In [None]:
%%capture
!pip install dataset evaluate transformers[sentencepiece]
!pip install transformers trl==0.8.3 peft bitsandbytes
!pip install loguru rouge_score bert_score
!pip install --upgrade nltk
!pip install fire wandb

In [None]:
from datasets import Dataset, load_dataset
import pandas as pd
from tqdm import tqdm
from loguru import logger
from huggingface_hub import login
import os, torch, wandb, fire, evaluate
from trl import SFTTrainer, setup_chat_format
from transformers import AutoModelForCausalLM, AutoTokenizer, BitsAndBytesConfig, HfArgumentParser, TrainingArguments, pipeline, logging, DataCollatorForLanguageModeling
from peft import LoraConfig, PeftModel, prepare_model_for_kbit_training, get_peft_model, AutoPeftModelForCausalLM


In [None]:
from huggingface_hub import login

login("")

In [None]:
ds1 = load_dataset("sailor2/Vietnamese_RAG", "BKAI_RAG", split="train[:1141]")

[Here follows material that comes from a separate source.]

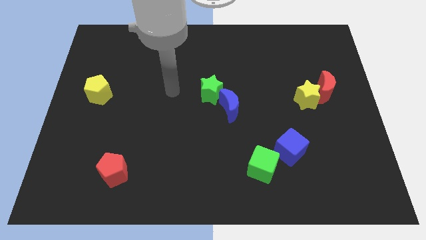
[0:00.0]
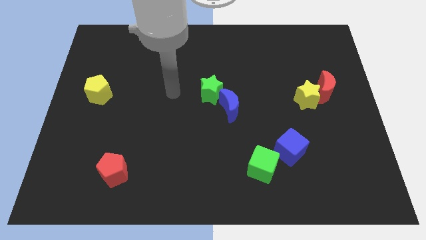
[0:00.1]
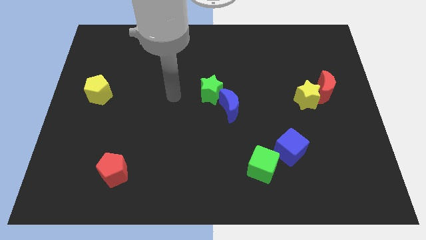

ds2 = load_dataset("sailor2/Vietnamese_RAG", "LegalRAG", split="train[:3176]")

ds3 = load_dataset("sailor2/Vietnamese_RAG", "expert", split="train[:1772]")

ds4 = load_dataset("luzox/UTEHY_QA", split="train+test")

In [None]:
ds1 = ds1.train_test_split(test_size=0.04)
ds2 = ds2.train_test_split(test_size=0.03)
ds3 = ds3.train_test_split(test_size=0.03)
ds4 = ds4.train_test_split(test_size=0.2)

In [None]:
print(ds1)
print(ds2)
print(ds3)
print(ds4)

In [None]:
print(ds1["train"].features)
print('--'*50)
print(ds2["train"].features)
print('--'*50)
print(ds3["train"].features)
print('--'*50)
print(ds4["train"].features)


In [None]:
ds3 = ds3.remove_columns(["system", "field","spec_field", "question_type","question_type_symbol"])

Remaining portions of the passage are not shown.